Segment Start: Exercise data
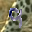
Label: 9
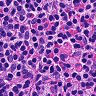
Metastatic tissue present: no
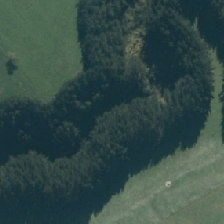
Land cover: broadleaved_indigenous_hardwood
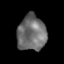
Tissue: skin
Cell type: Epithelial cells
Senescence score: 0.244
Nuclear area (px): 993
Mean DAPI intensity: 110.216
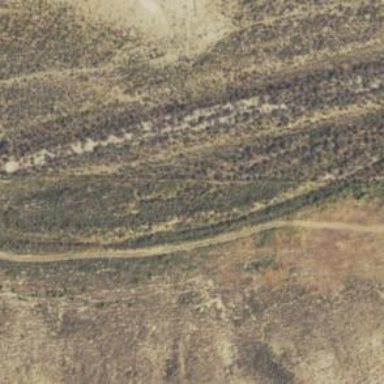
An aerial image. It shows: Track road.
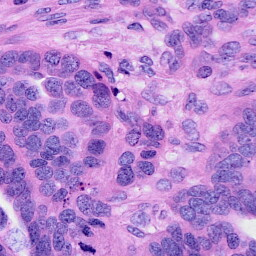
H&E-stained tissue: Ovarian
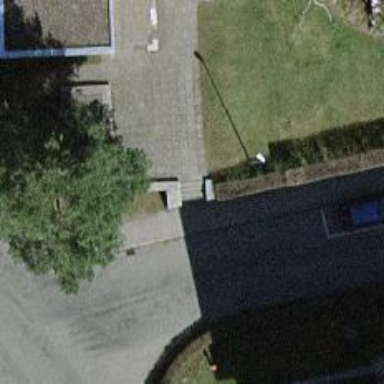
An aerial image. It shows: Road with steps.
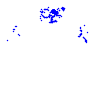
Particle: pion
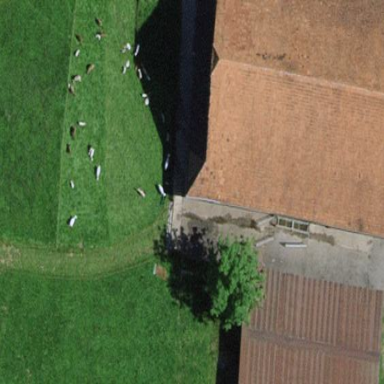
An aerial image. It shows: Farm auxiliary building.
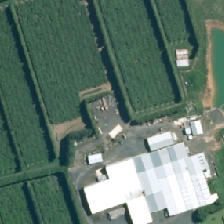
Land cover: urban_build_up
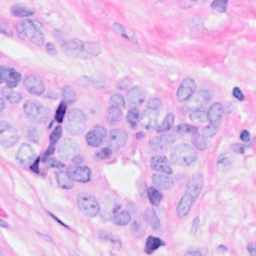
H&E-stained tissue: Breast
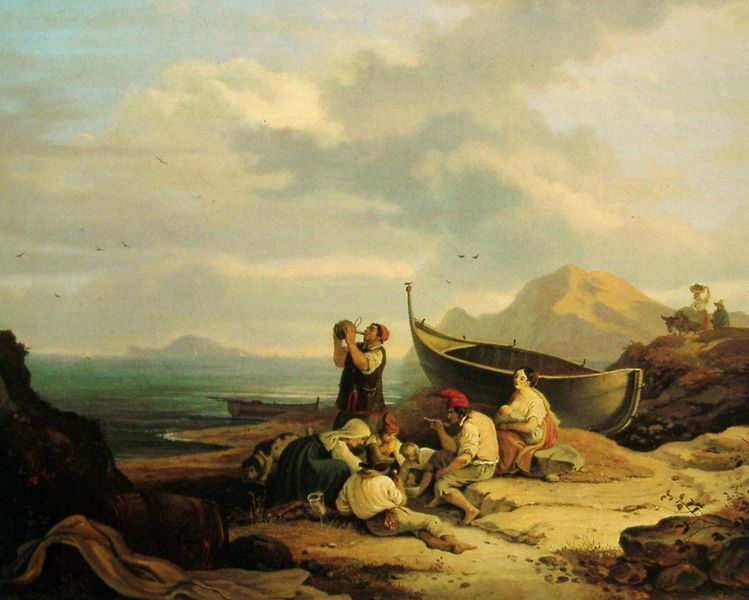
Titel: Massa bei Sorrento mit Blick auf Capri
Künstler: Johann Heinrich Schilbach
Standort: Schweinfurt
Institution: Museum Georg Schäfer
Schlagwörter: berg, blau, felsen, gemälde, gruppe, himmel, mann, meer, wasser, weiß, wolken, fluss, frauen, gelb, grün, landschaft, menschen, ocker, sand, see, sitzen, ufer, abend, braun, brust, frau, hut, kleid, licht, männer, schwarz, szene, hund, rot, tier, tiere, tuch, wolke, beige, malerei, alkohol, bart, flasche, mütze, mützen, trinken, faru, stein, steine, ferne, horizont, natur, vögel, busch, sonne, insel, tücher, decke, familie, gewänder, kind, boot, boote, esel, genre, kahn, kinder, pferd, reiter, krug, deutschland, schürze, küste, schiff, strand, wellen, liegen, italien, fischer, berge, fels, gebirge, gipfel, klippen, kuh, baby, pause, picknick, rast, romantik, möwe, möwen, essen, löffel, wein, spielen, kopftuch, rauchen, ruderboot, figurativ, stimmung, junge, warten, liegend, klippe, gefäß, vulkan, fischerboot, ideal, stillen, geschirr, fass, mahlzeit, mittelalter, griechenland, aufbruch, arkadien, deck, landschatf, netz, fischerin, inseln, säugling, mütter, besatzung, merr, durst, säugen, trunk, blau grün, kalebasse, am strand, puase
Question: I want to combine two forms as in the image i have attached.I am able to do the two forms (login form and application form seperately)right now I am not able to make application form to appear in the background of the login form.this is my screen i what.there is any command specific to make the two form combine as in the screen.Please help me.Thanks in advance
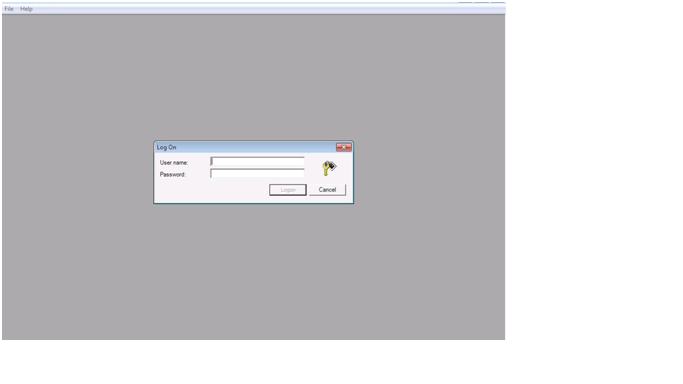
Answer: To display a <URL>, from your application form you can try
'''
using(LoginForm loginForm = new LoginForm())
{
loginForm.StartPosition = FormStartPosition.CenterParent;
DialogResult dialogResult = loginForm.ShowDialog(this);
if(dialogResult == DialogResult.OK)
{
...
}
}
'''
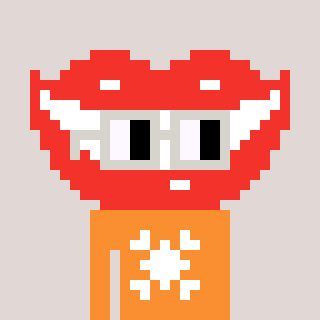
a pixel art character with square light gray glasses, a smile-shaped head and a orange-colored body on a warm background
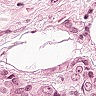
Metastatic tissue present: yes
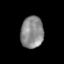
Tissue: prostate
Cell type: T cells
Senescence score: 0.3215
Nuclear area (px): 710
Mean DAPI intensity: 137.87
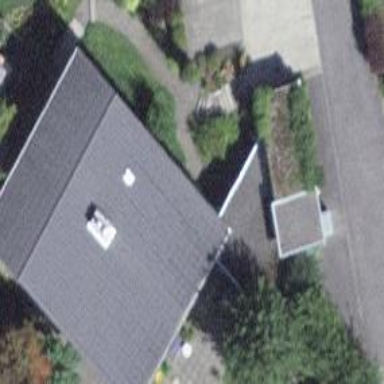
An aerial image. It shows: Simple and straightforward house.
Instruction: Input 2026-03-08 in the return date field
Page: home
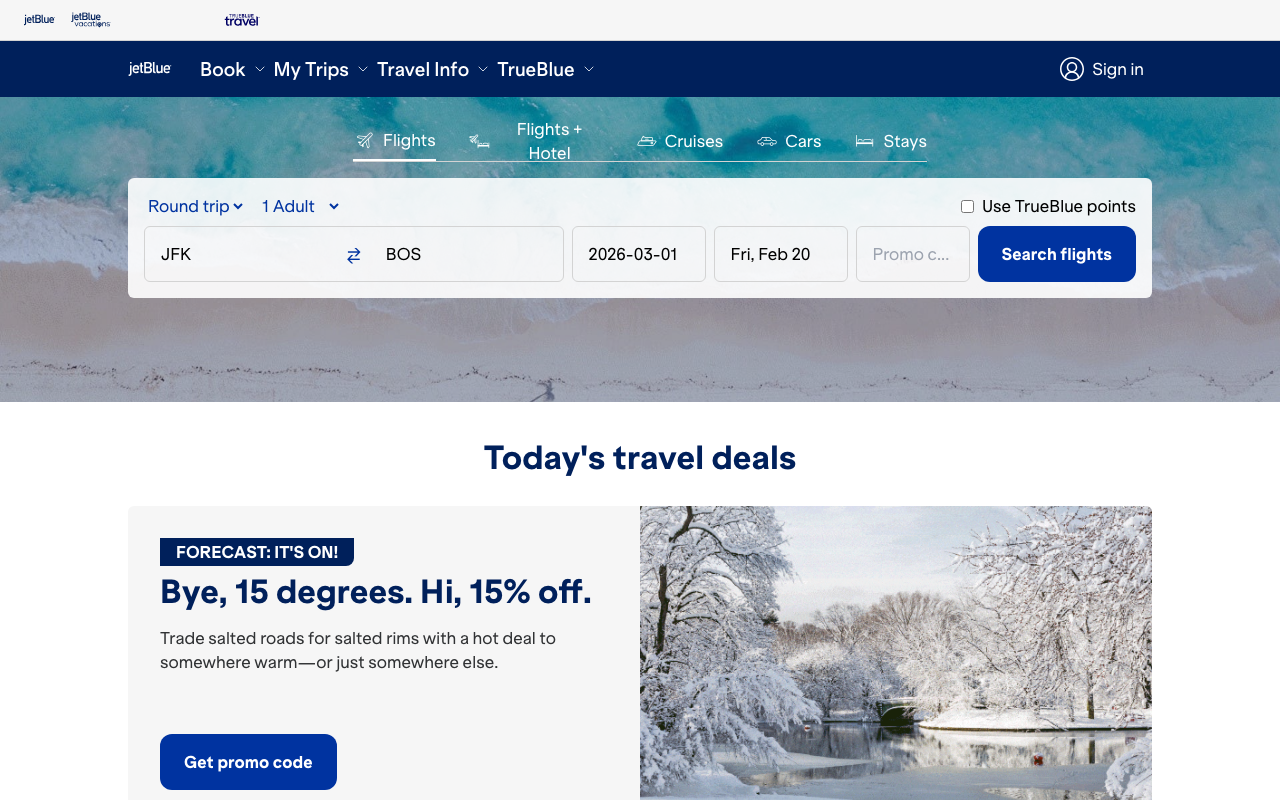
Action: type
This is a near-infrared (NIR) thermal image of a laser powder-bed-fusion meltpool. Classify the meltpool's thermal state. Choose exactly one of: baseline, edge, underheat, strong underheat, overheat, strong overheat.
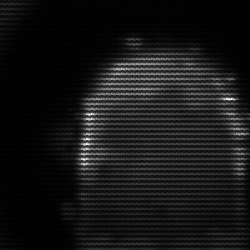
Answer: baseline
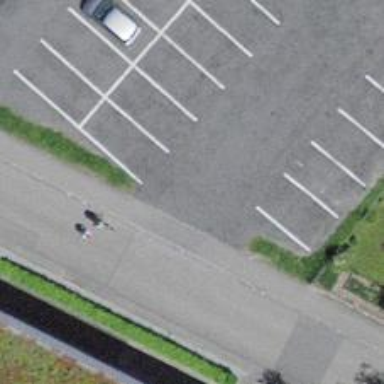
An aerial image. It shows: Asphalt parking aisle road without sidewalk.
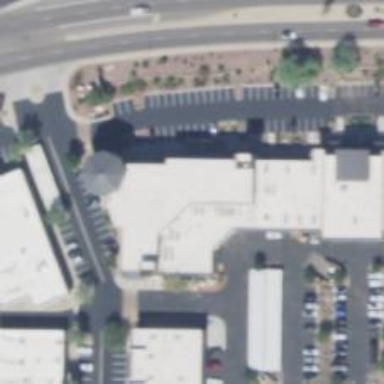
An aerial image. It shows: Shop specializing in golf equipment.
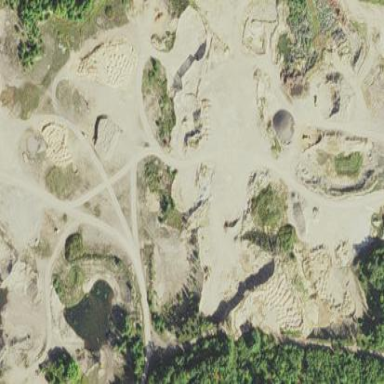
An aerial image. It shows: Quarry area.
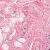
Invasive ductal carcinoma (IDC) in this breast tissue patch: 0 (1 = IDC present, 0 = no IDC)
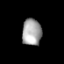
Tissue: prostate
Cell type: Epithelial cells
Senescence score: 0.3465
Nuclear area (px): 504
Mean DAPI intensity: 164.976
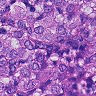
Metastatic tissue present: yes
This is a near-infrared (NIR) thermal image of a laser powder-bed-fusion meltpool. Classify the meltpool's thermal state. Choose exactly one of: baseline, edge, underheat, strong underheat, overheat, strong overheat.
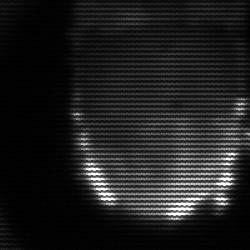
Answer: baseline
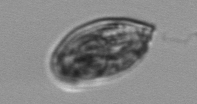
Label: Katodinium_or_Torodinium
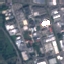
Label: Industrial
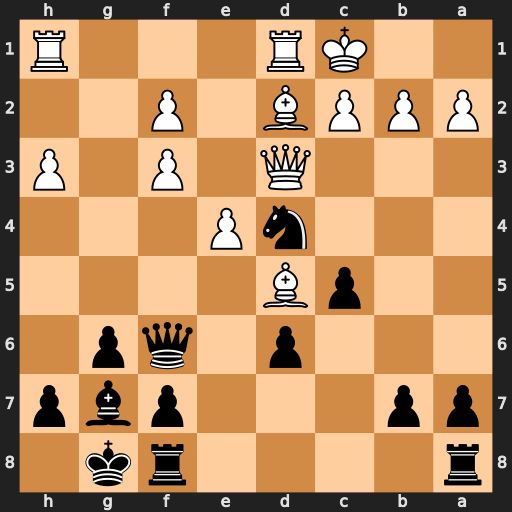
Segment End: Exercise data
=== What to work on ===
Return the stretch of data that begins with the line showing "Action: type" and goes on through the line showing "An aerial image. It shows: Shop", exactly, with pictures removed.

=== Answer to this problem ===
Action: type
This is a near-infrared (NIR) thermal image of a laser powder-bed-fusion meltpool. Classify the meltpool's thermal state. Choose exactly one of: baseline, edge, underheat, strong underheat, overheat, strong overheat.
Answer: baseline
An aerial image. It shows: Asphalt parking aisle road without sidewalk.
An aerial image. It shows: Shop specializing in golf equipment.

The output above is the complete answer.